Containers and orchestration frameworks like Rancher will soon allow every organization to have access to efficient cluster management. This brave new world frees operations from managing application configuration and allows development to focus on writing code; containers abstract complex dependency requirements, which enables ops to deploy immutable containerized applications and allows devs a consistent runtime for their code. If the benefits are so clear, then why do companies with existing infrastructure practices not switch? One of the key issues is risk. The risk of new unknowns brought by an untested technology, the risk of inexperience operating a new stack, and the risk of downtime impacting the brand. Planning for risks and demonstrating that the ops team can maintain a resilient workload whilst moving into a containerized world is the key social aspect of a container migration project. Especially since, when done correctly, Docker and Rancher provide a solid framework for quickly iterating on infrastructure improvements, such as Rancher catalogs for quickly spinning up popular distributed applications like ElasticSearch. In regard to risk management, we will look into identifying the five keys to running a resilient workload on Rancher and Docker. The topics that will be covered are as follows:
- Running Rancher in HA Mode (covered in this post)

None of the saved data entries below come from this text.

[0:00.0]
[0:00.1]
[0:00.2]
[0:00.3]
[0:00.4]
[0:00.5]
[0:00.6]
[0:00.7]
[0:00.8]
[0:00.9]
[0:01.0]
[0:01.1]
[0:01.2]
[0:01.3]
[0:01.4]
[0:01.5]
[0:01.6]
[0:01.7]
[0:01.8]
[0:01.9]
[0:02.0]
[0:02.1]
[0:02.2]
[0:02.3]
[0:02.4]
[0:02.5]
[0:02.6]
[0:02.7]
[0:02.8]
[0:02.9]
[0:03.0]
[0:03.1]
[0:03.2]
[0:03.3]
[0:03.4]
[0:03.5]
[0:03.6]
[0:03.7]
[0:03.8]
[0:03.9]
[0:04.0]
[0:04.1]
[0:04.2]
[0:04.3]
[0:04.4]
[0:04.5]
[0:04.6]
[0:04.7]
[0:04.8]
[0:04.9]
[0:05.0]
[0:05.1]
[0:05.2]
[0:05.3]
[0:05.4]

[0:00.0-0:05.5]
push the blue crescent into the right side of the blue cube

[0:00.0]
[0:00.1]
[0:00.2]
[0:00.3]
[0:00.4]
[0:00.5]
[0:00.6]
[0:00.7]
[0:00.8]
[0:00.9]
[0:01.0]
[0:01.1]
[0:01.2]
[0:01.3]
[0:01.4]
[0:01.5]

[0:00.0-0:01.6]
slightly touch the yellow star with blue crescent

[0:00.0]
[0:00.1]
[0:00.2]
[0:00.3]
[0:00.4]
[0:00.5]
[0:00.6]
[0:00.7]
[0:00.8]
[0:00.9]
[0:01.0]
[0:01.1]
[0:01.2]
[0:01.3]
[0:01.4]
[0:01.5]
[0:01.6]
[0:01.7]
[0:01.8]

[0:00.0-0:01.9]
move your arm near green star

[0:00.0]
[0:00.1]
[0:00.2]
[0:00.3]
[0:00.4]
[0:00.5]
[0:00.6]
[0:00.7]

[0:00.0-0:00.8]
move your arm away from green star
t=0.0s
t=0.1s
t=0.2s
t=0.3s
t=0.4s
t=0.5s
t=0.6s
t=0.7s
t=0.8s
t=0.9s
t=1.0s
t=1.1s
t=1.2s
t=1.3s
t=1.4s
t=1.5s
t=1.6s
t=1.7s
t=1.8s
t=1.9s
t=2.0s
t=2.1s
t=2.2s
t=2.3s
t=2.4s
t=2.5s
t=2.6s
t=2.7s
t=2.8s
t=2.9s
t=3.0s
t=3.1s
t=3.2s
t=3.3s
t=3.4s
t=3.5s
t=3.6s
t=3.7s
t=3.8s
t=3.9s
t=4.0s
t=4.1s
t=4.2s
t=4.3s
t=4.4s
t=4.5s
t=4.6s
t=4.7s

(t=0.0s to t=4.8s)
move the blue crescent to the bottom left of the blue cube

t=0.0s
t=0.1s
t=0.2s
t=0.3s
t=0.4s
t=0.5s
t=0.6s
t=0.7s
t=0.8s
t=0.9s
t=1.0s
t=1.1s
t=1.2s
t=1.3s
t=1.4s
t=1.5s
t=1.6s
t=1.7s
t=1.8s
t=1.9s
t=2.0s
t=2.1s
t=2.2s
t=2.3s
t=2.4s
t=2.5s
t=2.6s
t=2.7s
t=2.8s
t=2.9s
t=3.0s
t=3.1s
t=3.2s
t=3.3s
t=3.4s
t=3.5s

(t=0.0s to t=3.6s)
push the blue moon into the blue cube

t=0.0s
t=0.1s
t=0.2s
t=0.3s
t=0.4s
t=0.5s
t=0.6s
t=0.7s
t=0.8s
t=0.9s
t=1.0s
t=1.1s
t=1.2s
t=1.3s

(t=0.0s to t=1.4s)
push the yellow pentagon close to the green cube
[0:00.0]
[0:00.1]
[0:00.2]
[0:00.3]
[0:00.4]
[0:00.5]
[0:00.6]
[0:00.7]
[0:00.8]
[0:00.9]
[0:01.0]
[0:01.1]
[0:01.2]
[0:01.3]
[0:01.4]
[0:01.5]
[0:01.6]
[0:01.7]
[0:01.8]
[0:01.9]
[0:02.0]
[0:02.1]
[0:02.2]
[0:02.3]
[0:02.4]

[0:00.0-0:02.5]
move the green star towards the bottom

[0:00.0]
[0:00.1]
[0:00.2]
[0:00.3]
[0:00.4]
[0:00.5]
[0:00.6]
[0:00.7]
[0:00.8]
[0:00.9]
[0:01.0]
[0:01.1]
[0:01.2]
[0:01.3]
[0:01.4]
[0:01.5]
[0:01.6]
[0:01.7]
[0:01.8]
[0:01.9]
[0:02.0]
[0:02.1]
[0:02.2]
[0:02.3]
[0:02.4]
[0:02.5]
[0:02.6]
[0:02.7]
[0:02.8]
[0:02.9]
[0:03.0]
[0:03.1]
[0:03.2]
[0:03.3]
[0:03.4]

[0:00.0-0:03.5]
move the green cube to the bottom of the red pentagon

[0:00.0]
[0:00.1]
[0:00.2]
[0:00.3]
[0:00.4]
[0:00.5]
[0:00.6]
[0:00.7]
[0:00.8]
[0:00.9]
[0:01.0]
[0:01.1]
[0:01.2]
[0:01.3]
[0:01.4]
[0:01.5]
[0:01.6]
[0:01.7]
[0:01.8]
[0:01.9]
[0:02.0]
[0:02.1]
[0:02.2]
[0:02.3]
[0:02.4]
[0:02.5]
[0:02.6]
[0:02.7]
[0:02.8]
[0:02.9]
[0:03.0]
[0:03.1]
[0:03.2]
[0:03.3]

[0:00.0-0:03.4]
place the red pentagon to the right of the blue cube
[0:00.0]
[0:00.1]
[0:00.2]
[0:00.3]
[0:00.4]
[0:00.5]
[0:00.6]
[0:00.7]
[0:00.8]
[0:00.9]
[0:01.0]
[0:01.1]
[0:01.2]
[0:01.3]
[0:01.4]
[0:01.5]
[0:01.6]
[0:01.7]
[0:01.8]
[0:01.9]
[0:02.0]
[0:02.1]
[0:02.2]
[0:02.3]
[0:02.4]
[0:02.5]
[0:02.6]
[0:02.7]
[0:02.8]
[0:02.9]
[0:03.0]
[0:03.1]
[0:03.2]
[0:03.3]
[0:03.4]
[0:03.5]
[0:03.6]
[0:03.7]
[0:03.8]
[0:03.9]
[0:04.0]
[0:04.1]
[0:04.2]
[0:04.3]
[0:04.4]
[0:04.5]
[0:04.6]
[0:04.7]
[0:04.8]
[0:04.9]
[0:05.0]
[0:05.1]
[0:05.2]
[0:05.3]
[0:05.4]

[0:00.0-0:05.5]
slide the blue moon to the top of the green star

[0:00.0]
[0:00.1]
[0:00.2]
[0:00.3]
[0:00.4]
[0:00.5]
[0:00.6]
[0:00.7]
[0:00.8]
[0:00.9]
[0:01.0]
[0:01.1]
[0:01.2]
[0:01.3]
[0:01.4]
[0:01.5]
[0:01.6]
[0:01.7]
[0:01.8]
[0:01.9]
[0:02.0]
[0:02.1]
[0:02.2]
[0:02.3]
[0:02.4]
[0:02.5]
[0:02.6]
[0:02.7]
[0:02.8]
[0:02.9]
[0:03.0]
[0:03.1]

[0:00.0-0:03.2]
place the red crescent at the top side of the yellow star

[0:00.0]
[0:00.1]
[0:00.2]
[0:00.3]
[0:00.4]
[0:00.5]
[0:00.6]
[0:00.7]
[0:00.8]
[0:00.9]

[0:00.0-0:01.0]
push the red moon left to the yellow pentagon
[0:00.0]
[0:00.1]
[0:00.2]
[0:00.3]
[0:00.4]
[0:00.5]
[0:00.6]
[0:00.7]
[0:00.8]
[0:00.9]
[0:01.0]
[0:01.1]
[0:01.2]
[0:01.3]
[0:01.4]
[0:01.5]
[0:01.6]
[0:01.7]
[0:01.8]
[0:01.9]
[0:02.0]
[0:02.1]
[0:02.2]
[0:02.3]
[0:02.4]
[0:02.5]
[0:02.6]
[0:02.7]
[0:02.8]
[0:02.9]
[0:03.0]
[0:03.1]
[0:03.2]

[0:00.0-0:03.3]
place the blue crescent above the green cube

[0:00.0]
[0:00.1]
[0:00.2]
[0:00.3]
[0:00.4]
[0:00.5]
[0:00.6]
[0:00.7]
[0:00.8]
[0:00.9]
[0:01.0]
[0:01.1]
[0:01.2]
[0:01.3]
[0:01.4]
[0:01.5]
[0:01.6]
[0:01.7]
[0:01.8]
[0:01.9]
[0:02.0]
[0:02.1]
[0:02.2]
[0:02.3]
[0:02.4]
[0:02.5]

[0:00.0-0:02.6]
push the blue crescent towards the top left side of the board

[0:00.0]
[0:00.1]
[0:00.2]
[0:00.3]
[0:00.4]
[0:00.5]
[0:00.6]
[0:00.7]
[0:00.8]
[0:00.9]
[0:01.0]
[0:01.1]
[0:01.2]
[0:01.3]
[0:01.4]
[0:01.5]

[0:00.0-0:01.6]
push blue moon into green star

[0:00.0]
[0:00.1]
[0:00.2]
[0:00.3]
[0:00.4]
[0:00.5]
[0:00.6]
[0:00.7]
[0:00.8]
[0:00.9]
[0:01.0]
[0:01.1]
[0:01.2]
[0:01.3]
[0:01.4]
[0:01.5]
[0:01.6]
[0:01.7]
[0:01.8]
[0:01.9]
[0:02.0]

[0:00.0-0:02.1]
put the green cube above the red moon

- Using Service Load Balancers in Rancher
- Setting up Rancher service health checks and monitoring
- Providing developers with their own Rancher setup
- Discussing Convoy for data resiliency
I had originally hoped to perform experiments on a Rancher cluster built on a laptop using Docker Machine with a Rancher Server and various Rancher Agents on Raspberry Pis. Setup instructions here. The problem is that most Docker images are made for Intel based CPUs, so nothing works properly on Pi’s ARM processors. Instead I will directly use AWS for our experiments with resilient Rancher clusters. With our initial setup, we have 1 Rancher Server and 1 Agent. Let’s deploy a simple multiple container application. The above diagram illustrates the setup I am going to use to experiment with Rancher. I chose AWS because I am familiar with the service, but you can choose any other provider for setting up Rancher according to the Quick Start Guide. Let’s test our stack with the WordPress compose described in the Rancher Quick Start instructions. So now our application is up and running, the one scenario is what happens if the Rancher Server malfunctions? Or a network issue occurs? What happens to our application? Will it still continue serving requests? For this experiment, I will perform the following and document the results.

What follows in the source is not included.